If You’re Thinking of Launching a Social Media Startup, Please Don’t.


There are a couple of things that worry me. One being zombies.

But, I also worry about startups. Especially startups in the social media space. The funding for these companies is plentiful because there is a serious bubble, and the only people who are going to survive it are the wealthy idiots who like to publicly proclaim that there is no bubble. Investors are like herd animals, and none of them want to look stupid, so of course they’re going to say that. If they didn’t, how would they make their money back?

I’d like to think I know a thing or two about the social media space. I’ve been researching it since 2006, and I wrote a book called “Social Media Is Bullshit” that St. Martin’s Press put out recently. Plus, I’ve been living on the Web since 1998. I’ve seen it all, and as I detail in the book, a lot of the stuff you see today that’s so “groundbreaking”? Yeah we had that in the ‘90s, too. It just looked crappier.

To be clear: It’s not that the ideas behind these startups are bad, but you’re talking about a space that’s entirely dependent on advertising for revenue, and one that is completely monopolized by a few key players.

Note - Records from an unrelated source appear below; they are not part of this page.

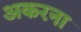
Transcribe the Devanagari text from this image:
अकरना
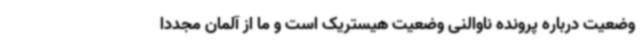
وضعیت درباره پرونده ناوالنی وضعیت هیستریک است و ما از آلمان مجددا
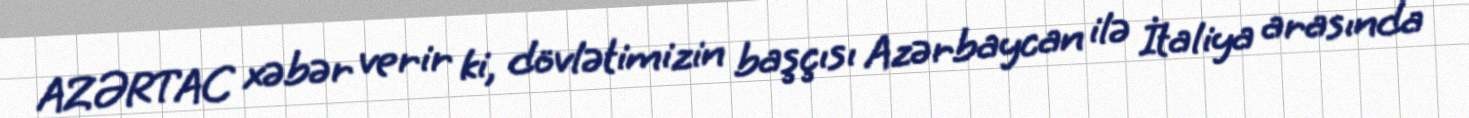
AZƏRTAC xəbər verir ki, dövlətimizin başçısı Azərbaycan ilə İtaliya arasında
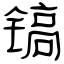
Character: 镐
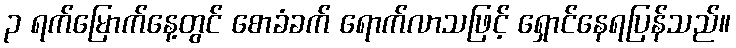
၃ ရက်မြောက်နေ့တွင် စောခံခက် ရောက်လာသဖြင့် ရှောင်နေရပြန်သည်။
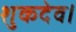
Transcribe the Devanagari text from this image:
शुकदेव।
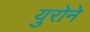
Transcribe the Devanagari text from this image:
युरोने
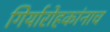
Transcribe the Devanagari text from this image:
गिर्यारोहकांनाच
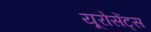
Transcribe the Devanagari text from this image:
यूरोसेंट्स
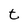
Character: t
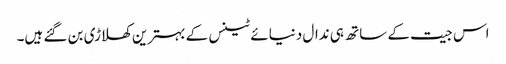
اس جیت کے ساتھ ہی ندال دنیائے ٹینس کے بہترین کھلاڑی بن گئے ہیں۔
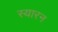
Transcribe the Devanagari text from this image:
स्यारन
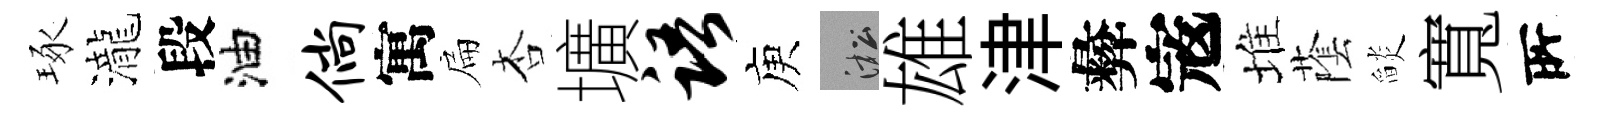
琢瀧段油倘寓扁杏壙语庾淞雄津彜𡨥堆䕃𦦨寬𠩄
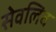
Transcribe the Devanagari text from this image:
सेवलिव
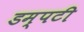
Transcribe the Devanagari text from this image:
डम्पटी
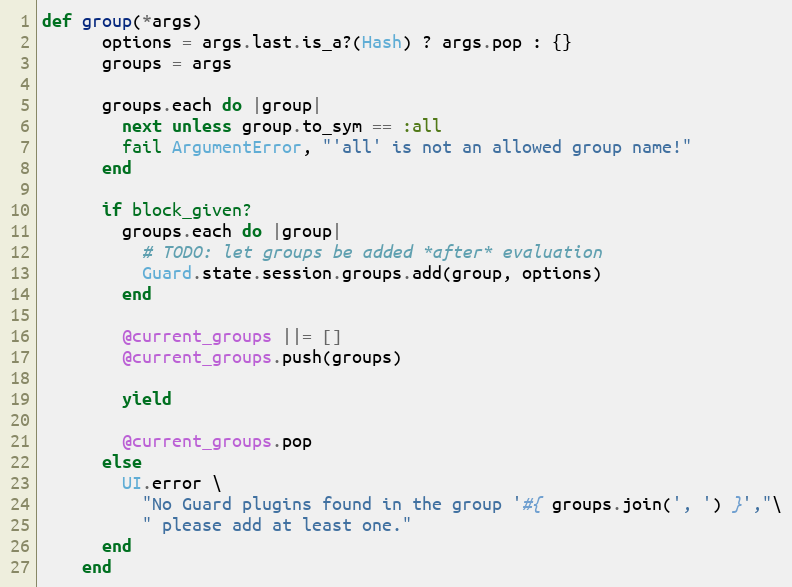
Language: Ruby
def group(*args)
      options = args.last.is_a?(Hash) ? args.pop : {}
      groups = args

      groups.each do |group|
        next unless group.to_sym == :all
        fail ArgumentError, "'all' is not an allowed group name!"
      end

      if block_given?
        groups.each do |group|
          # TODO: let groups be added *after* evaluation
          Guard.state.session.groups.add(group, options)
        end

        @current_groups ||= []
        @current_groups.push(groups)

        yield

        @current_groups.pop
      else
        UI.error \
          "No Guard plugins found in the group '#{ groups.join(', ') }',"\
          " please add at least one."
      end
    end
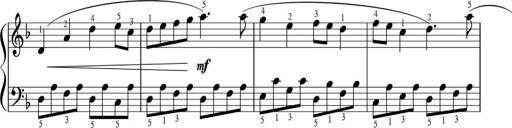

On top of that, you have legions of knowledge workers, who were all laid off during The Great Recession, running around pretending to be “social media experts.” So there’s this whole deeply rooted (and false) mythology that blankets everything here.

Between these two factors, the social media industry is boned, and you should proceed very carefully if you’re thinking about diving in.

The dirty secret you all probably know already? Although the tools are cool, and you can do cool things with them, “cool” doesn’t equal business model. I’m not saying you can’t make money, and I’m not saying someone can’t make money on a place like Facebook, but it’s extraordinarily difficult to replicate what works in a way that can be standardized and executed in the same way you would buy a radio spot.

And that lack of standardized execution means the results vary so wildly that it’s hard to sell businesses and others to invest their advertising money given less expensive options that yield better results in a down economy. Given that almost all of these companies are dependent on advertising revenue, I hope you can see the problem here.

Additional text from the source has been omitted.